Single by Michelle Branch

from the album The Spirit Room
- B-side: "Everywhere" (acoustic)
- Released: July 8, 2002
- Studio: Sunset Sound; Henson; Ananda (Hollywood, California);
- Length: 4:11 (album version); 3:52 (radio remix);
- Label: Maverick
- Songwriter(s): Michelle Branch
- Producer(s): John Shanks

Michelle Branch singles chronology
| "All You Wanted" (2002) | "Goodbye to You" (2002) | "The Game of Love" (2002) |

= Goodbye to You (Michelle Branch song) =

2002 single by Michelle Branch

"Goodbye to You" is a song written and performed by American singer-songwriter Michelle Branch for her debut studio album, The Spirit Room (2001). It was released by Maverick Records as the album's third and final single on July 8, 2002. The song reached number 21 on the US Billboard Hot 100 and number 32 in New Zealand.

==Composition==
"Goodbye to You" is a ballad written solely by Michelle Branch about the feeling of breaking up. It was first recorded for her debut album, Broken Bracelet, and was later re-recorded for inclusion on her follow-up and major-label debut, The Spirit Room. The latter recording was produced by John Shanks and was described by Elle as a "rousing torch song." For its commercial release as a radio single, "Goodbye to You" was remixed by Chris Lord-Alge.
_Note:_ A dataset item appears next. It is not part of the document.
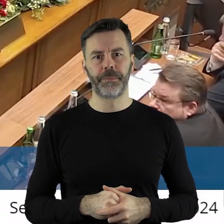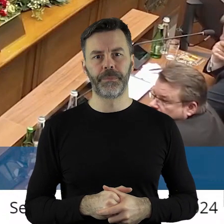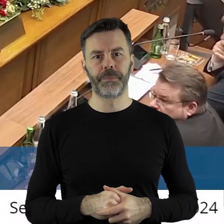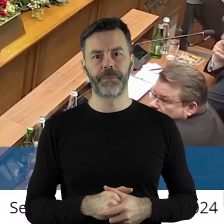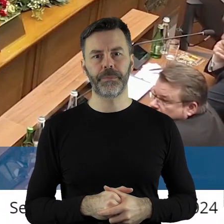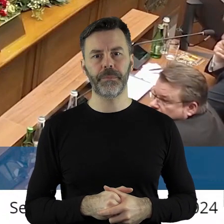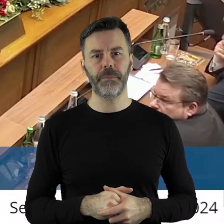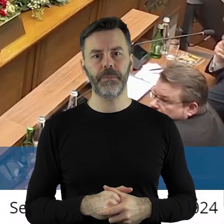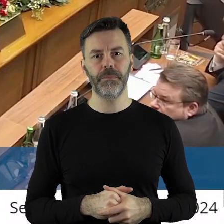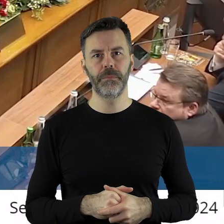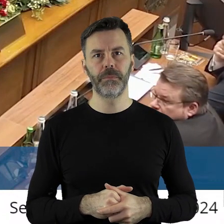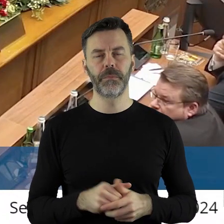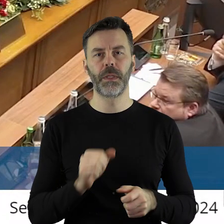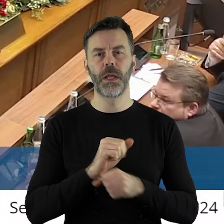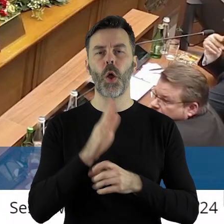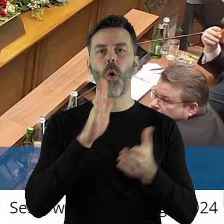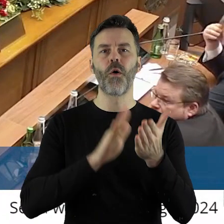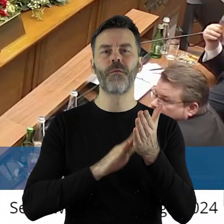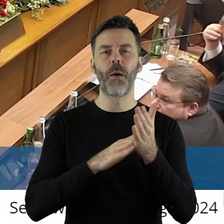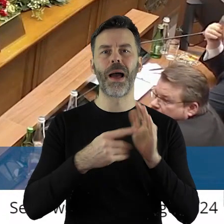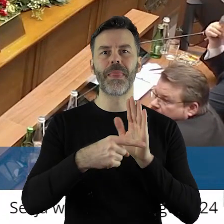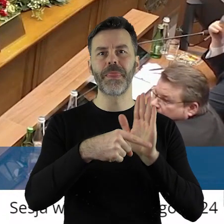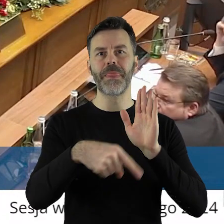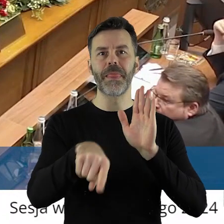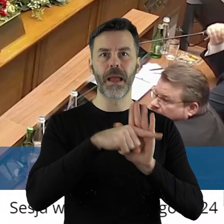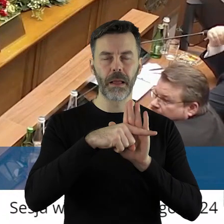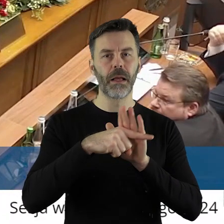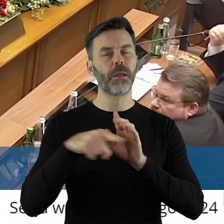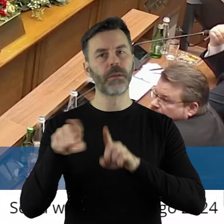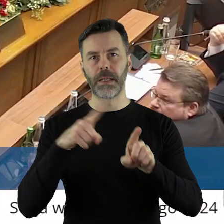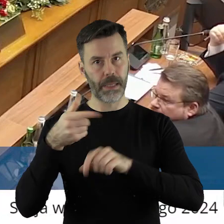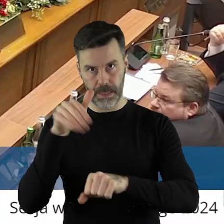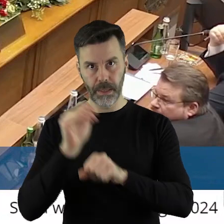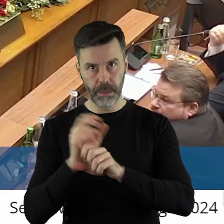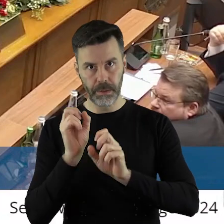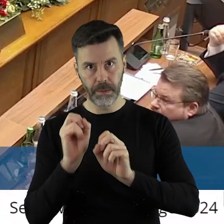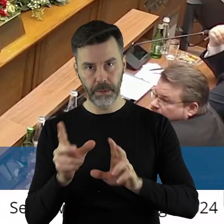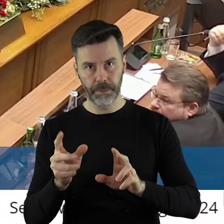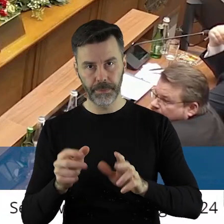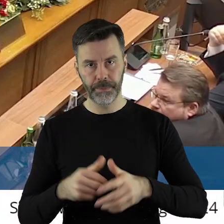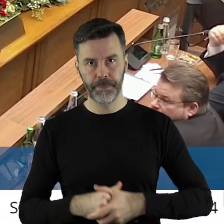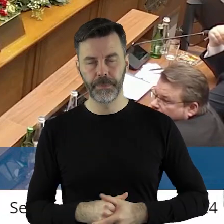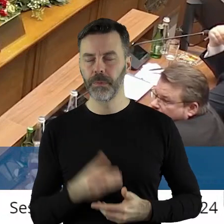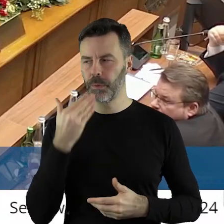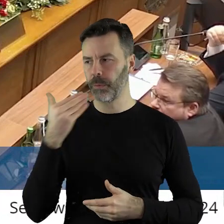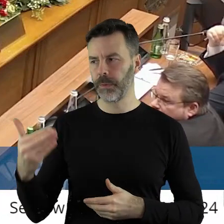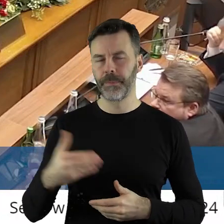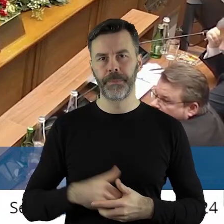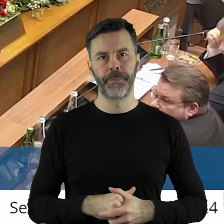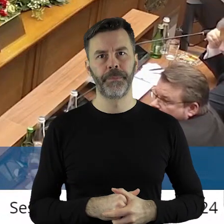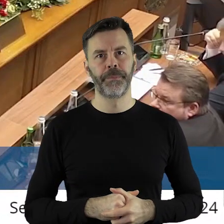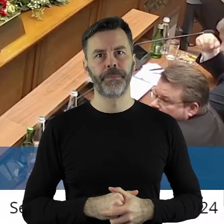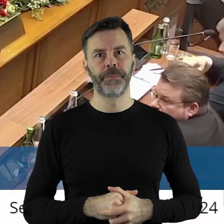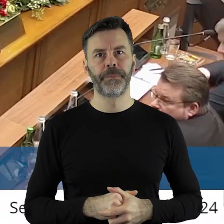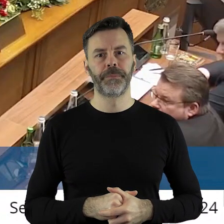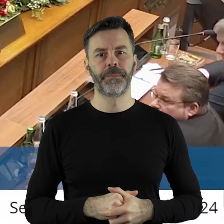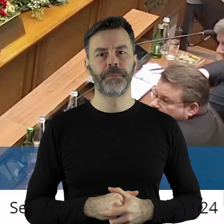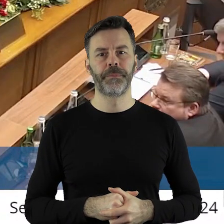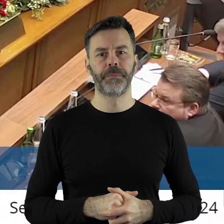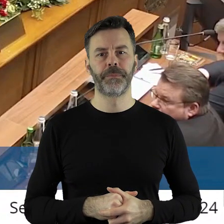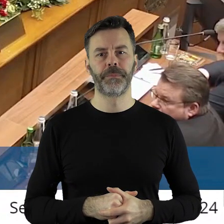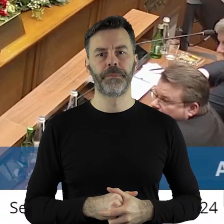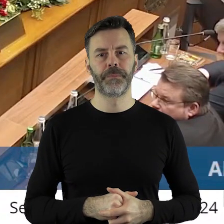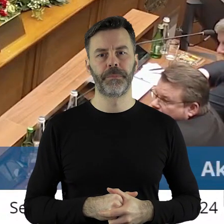Czyli uchwała jest negatywne, czyli odmawia się wyrażenia zgody. Rozumiem, dziękuję.

According to the digital sheet music published by Alfred Publishing Co., Inc., the song was composed in the key of A major and is set in common time to a moderately slow tempo of 80 beats per minute.

==Chart performance==
"Goodbye to You" peaked at number 21 on the US Billboard Hot 100 on the week ending October 26, 2002. The song stayed on the charts for 20 weeks. The song became Branch's third top-40 hit.

==Music video==
The music video depicts Branch at a beach in her car, driving away from her troubles, and singing towards the ocean. It was directed by Francis Lawrence. The video's story is set in reverse and Branch has said that the format is supposed to emulate the 2000 film Memento.

==Track listing==
German CD single
1. "Goodbye to You" (radio remix) – 3:48
2. "Everywhere" (acoustic version) – 3:36

==Credits and personnel==
Credits are lifted from The Spirit Room album booklet.

Studios
- Recorded at Sunset Sound, Henson Recording Studios, and Ananda Studios (Hollywood, California)
- Mixed at Westlake Audio (Los Angeles)
- Mastered at Marcussen Mastering (Los Angeles)

Personnel

- Michelle Branch – writing, guitars, keyboards
- John Shanks – guitars, bass, keyboards, programming, production
- Patrick Warren – keyboards
- Kenny Aronoff – drums
- Vinnie Colaiuta – drums
- Lars Fox – programming, engineering, Pro Tools editing
- Marc DeSisto – mixing, engineering
- Stephen Marcussen – mastering

==Charts==

===Weekly charts===

| Chart (2002) | Peak position |
|---|---|
| Netherlands (Dutch Top 40 Tipparade) | 8 |
| Netherlands (Single Top 100) | 79 |
| New Zealand (Recorded Music NZ) | 32 |
| US Billboard Hot 100 | 21 |
| US Adult Pop Airplay (Billboard) | 15 |
| US Pop Airplay (Billboard) | 11 |

===Year-end charts===

| Chart (2002) | Position |
|---|---|
| US Adult Top 40 (Billboard) | 40 |
| US Mainstream Top 40 (Billboard) | 53 |

| Chart (2003) | Position |
|---|---|
| US Adult Top 40 (Billboard) | 76 |

==In popular culture==
- In 2001, Branch appeared in the Buffy the Vampire Slayer episode "Tabula Rasa", singing "Goodbye to You" in the Bronze at the conclusion of the episode and the song was also heard in the promos for Season 7.
- She also appeared on Charmed also performing "Goodbye to You" at Piper Haliwell's club P3 in the 2003 episode "Centennial Charmed".
- The song was used in a 2004 episode of MTV's Laguna Beach: The Real Orange County.
- In 2009 the song was used as a final dance song for the couples eliminated from America's version of Dancing with the Stars.
- On the series finale of The Hills, the song was featured in a montage showcasing the turbulent romance of Justin Bobby and Audrina Patridge.
- In May 2016, Branch performed "Goodbye Ted Cruz," a reworking of the song, on Full Frontal with Samantha Bee, in order to commemorate Ted Cruz's dropping out of the 2016 presidential race.